During the presentation, the audience learned that Parkinson’s disease is the 14th leading cause of death in the U.S., mainly affecting men. Recent research caused the students to question if estrogen could cure or prevent the disease, so they decided to test their theory. Using approximately 958 zebrafish larvae, the students observed the development of the zebrafish over time in different test solutions and watching for any TRAP (Tremors, Rigidity, Akinesia and bradykinesia, Postural instability) symptoms that would indicate whether or not the zebrafish had developed Parkinson’s disease.

Courtesy of Ashley Chassard
Zebra Fish control groups

After doing four trials, the students concluded that estrogen can be used as a preventative measure, but not as a curative measure for Parkinson’s disease. In order to then show validity of data and likelihood of the results being by chance, the students performed two statistical tests, the Uni-squared test, and the 2 prop 2 test. The results showed that there was very little chance of the data being by chance, proving that it was accurate. If the class were to conduct the experiment again, they would increase the zebrafish observation time to guarantee that the results were the same both times.

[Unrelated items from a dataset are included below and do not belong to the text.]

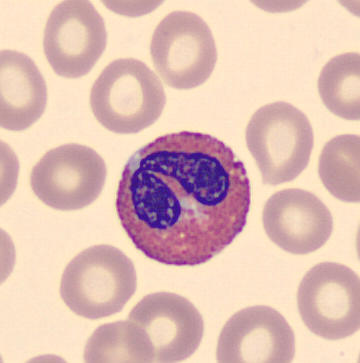
Classification — eosinophilic granulocyte.
Preparation: Peripheral blood film.
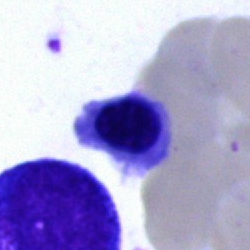Q: Which cell type is shown here?
A: Erythroblast.
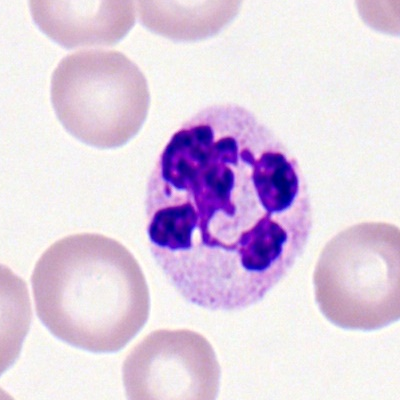
Q: Identify the cell.
A: This is a polymorphonuclear neutrophil.
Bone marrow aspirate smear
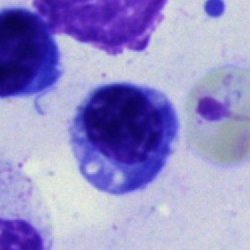

Nucleated red blood cell.
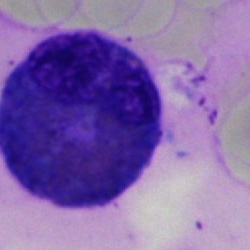 Specimen: bone marrow aspirate smear.
Classification: eosinophil.
Lineage: myeloid.

In conclusion, the students stated that the class benefited them in multiple ways. It gave them experience that is good for college classes and taught them how to conduct authentic research, allowed them to work as a team on a large project, and showed them how to adapt to problems. Mario Jones concluded the program by thanking the Newport News Education Foundation and Toshiba American Foundation for their financial contribution, and Chassard for making it possible. Students in the class recommend it to anyone interested in science and biology because it is enjoyable, and it provides an experience that they normally would not have the opportunity to get in high school.

Courtesy of Ashley Chassard
Karan Singh, Ashley Chassard and Devin Singh pose at the end of the presentation.